Collected data:
§

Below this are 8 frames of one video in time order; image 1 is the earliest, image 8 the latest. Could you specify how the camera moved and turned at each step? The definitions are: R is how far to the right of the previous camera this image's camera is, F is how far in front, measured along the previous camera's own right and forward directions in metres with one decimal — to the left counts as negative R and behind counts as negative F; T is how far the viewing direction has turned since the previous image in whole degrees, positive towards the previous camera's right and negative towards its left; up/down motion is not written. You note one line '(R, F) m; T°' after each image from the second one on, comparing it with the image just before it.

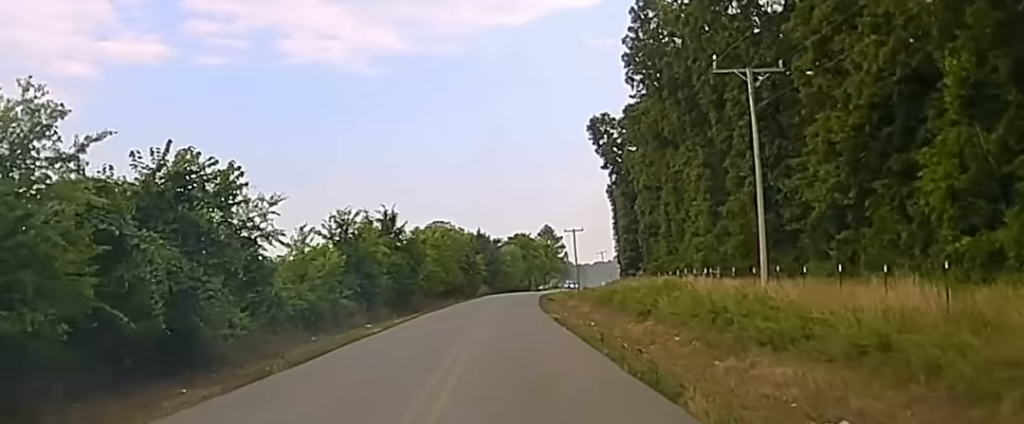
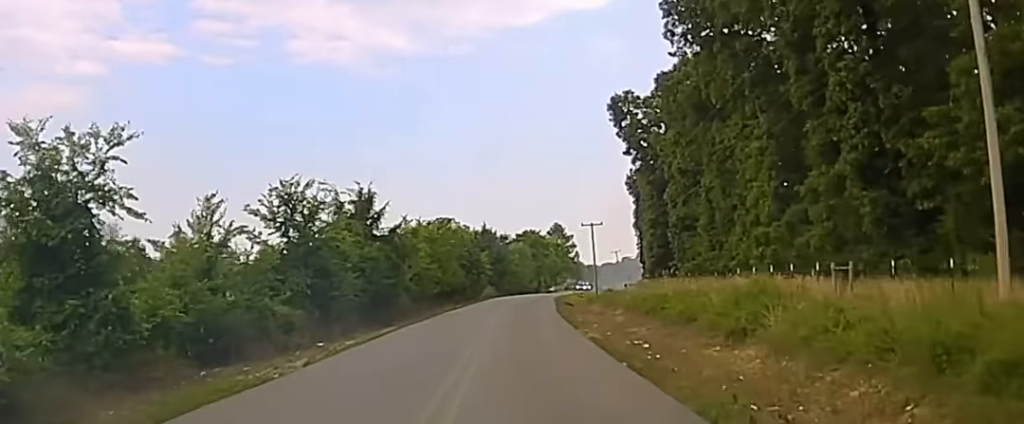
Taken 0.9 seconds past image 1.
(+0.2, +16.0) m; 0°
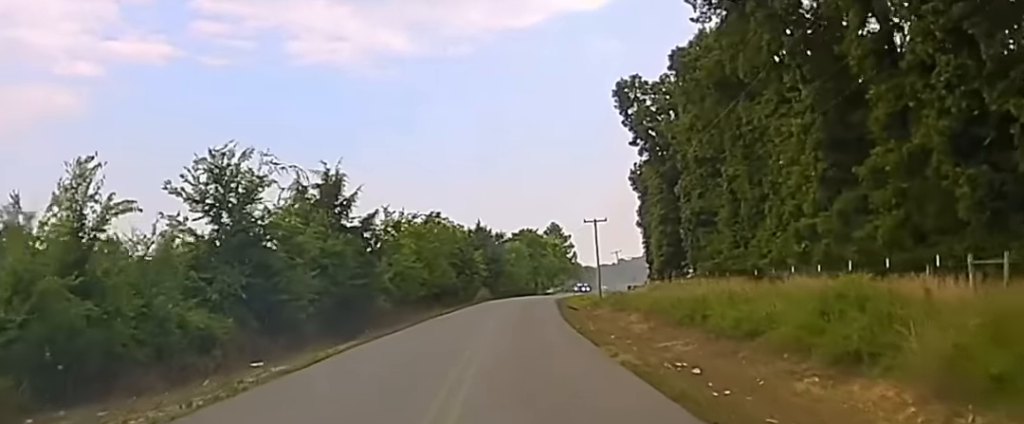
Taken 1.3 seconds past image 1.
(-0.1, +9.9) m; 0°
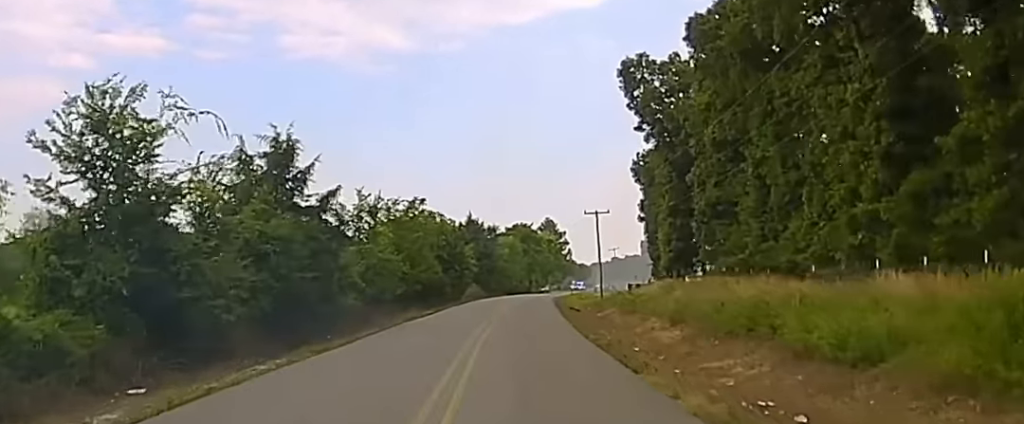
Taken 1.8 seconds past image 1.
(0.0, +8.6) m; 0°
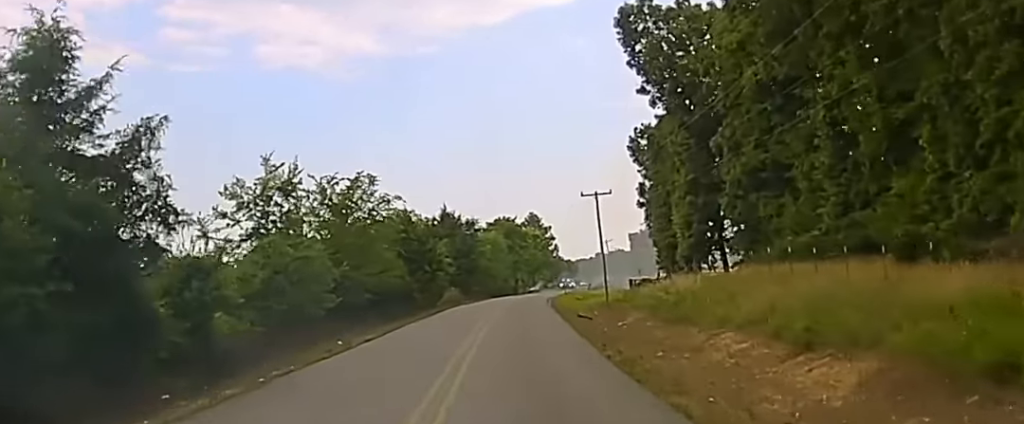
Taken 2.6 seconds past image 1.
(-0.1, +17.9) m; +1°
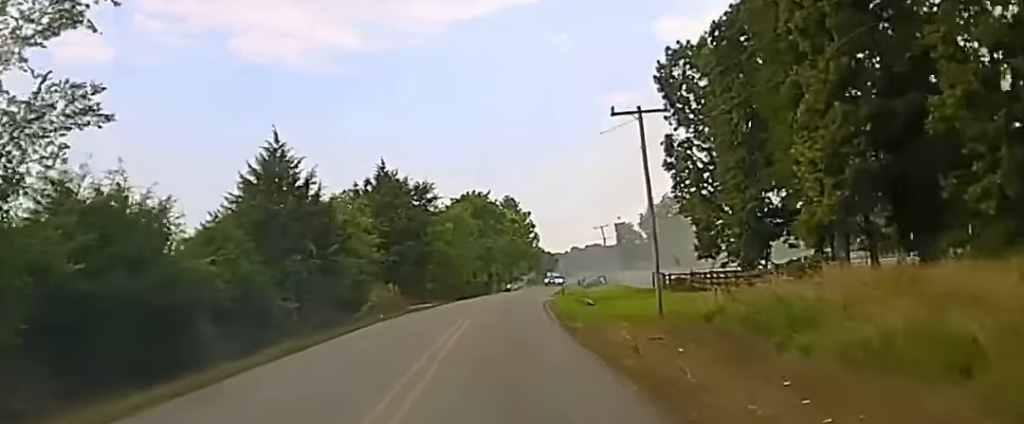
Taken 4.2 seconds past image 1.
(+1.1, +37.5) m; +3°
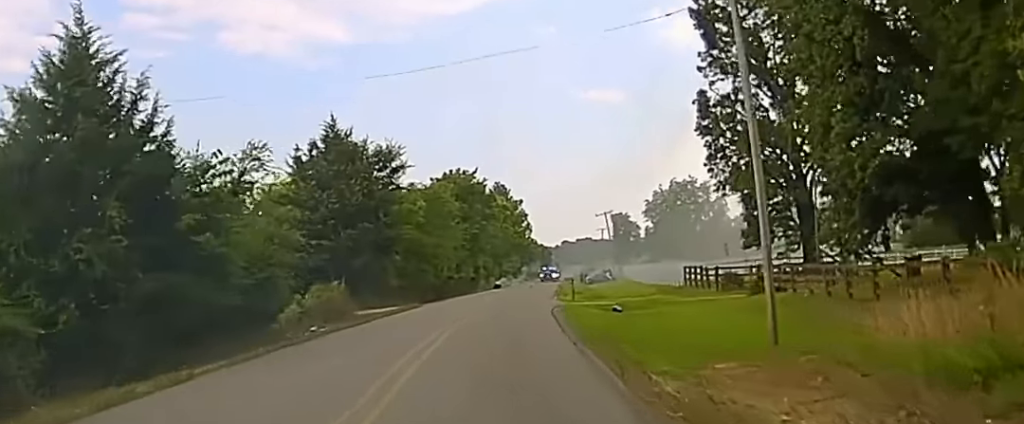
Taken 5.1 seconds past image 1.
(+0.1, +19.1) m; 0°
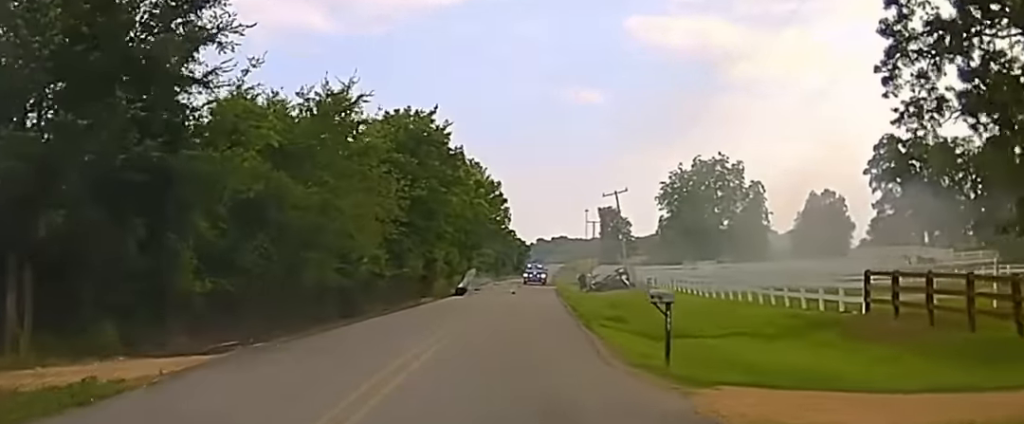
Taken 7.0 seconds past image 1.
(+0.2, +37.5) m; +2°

§

§ **GOAL OF THE EXERCISE**
No pictures belong in the output. It should reproduce exactly the lines from the one containing "Taken 4.2 seconds past image 1." through the end of the data, both ends included.

§ **EXPECTED OUTPUT**
Taken 4.2 seconds past image 1.
(+1.1, +37.5) m; +3°
Taken 5.1 seconds past image 1.
(+0.1, +19.1) m; 0°
Taken 7.0 seconds past image 1.
(+0.2, +37.5) m; +2°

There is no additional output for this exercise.